A Pioneering Developer of the Internal Combustion Engine Completes His Life’s Journey

August 4, 1900

Jean Joseph Étienne Lenoir, who invented the first practical and commercially successful internal combustion engine, died in the French town of La Varenne-Saint-Hilaire (near Paris) at the age of 78. Lenoir had been born in 1822 in Mussy-la-Ville, which was a community in Luxembourg at the time and is now part of Belgium. An engineer and chemist, Lenoir immigrated to France during the 1850s.

In 1859, he created a two-stroke internal combustion engine. His invention was specifically a converted steam engine with slide valves to both take in a mixture of air and coal gas and discharge exhaust products. While only about four percent efficient in fuel consumption, the engine also proved to be durable and mostly smooth-running.

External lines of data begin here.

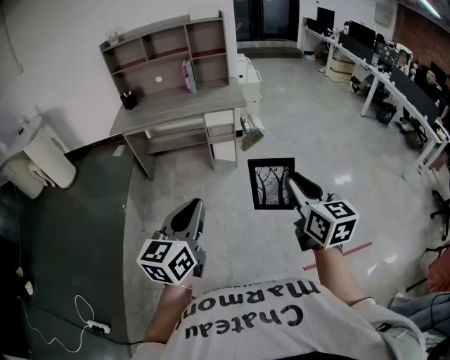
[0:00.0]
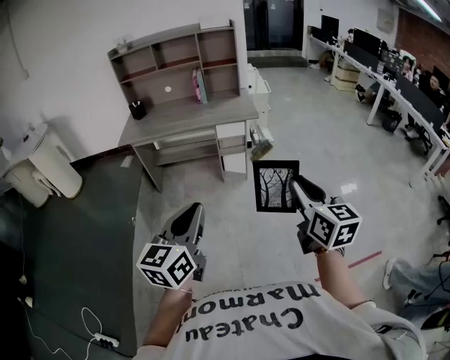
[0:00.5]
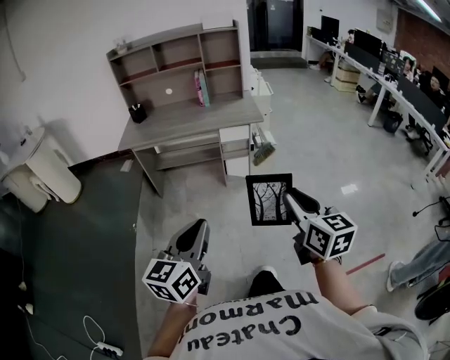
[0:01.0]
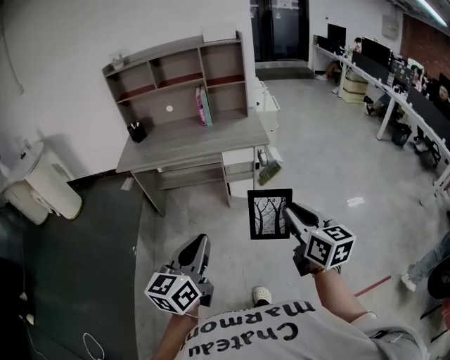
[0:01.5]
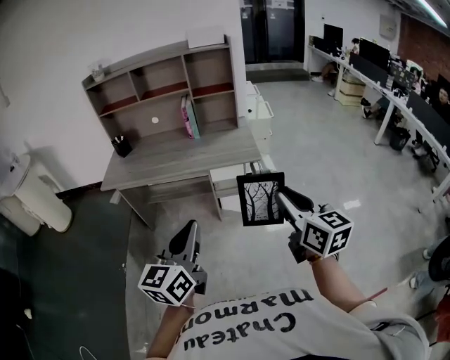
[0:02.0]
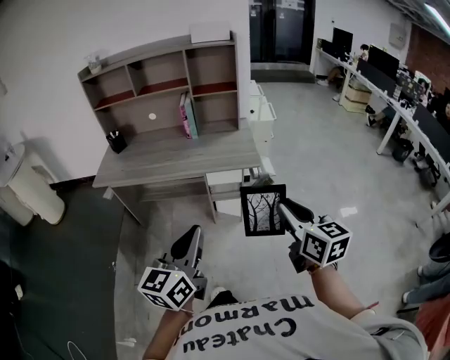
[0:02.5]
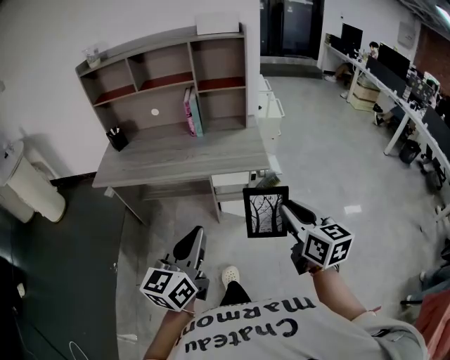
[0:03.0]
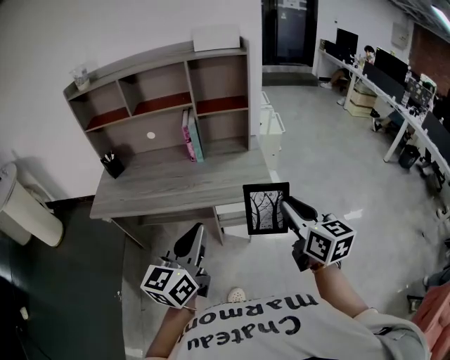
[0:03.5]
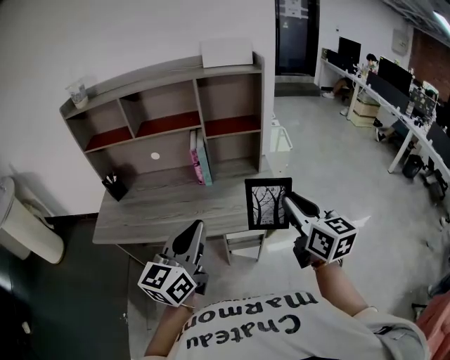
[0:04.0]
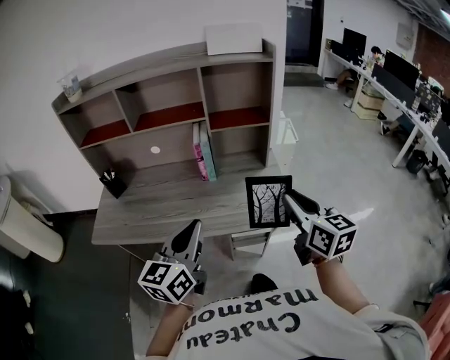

The Paris-based Conservatoire National Des Arts Et Métiers awarded Lenoir with a patent for his “air motor expanded by gas combustion” in 1860.

This drawing of Lenoir’s Hippomobile appeared in the French news magazine Le Monde illustré.

By 1865, hundreds of Lenoir’s engines were used throughout France and England for such machinery as water pumps and printing presses. During the that decade, Lenoir also adapted the engine for an even more innovative purpose: the propulsion of vehicles. Lenoir’s efforts in this regard involved creating what is generally regarded as the world’s first automobiles. In 1863, for example, he included an internal combustion engine in a three-wheeled carriage that he had built and named the Hippomobile. This vehicle, which was a wagon body fitted atop a tricycle, completed an 11-mile (17.7-kilometer) round trip between Paris and the commune of Joinville-le-Pont in just under three hours.

Lenoir was not the first person to come up with the idea of an internal combustion engine; in 1824, French physicist Nicolas Carnot outlined such a device in his book on thermodynamics. Thanks in large part to the more widespread availability of gaseous fuels by the mid-19th century, however, Lenoir was able to manufacture an internal combustion engine that was not only workable but also popular and profitable.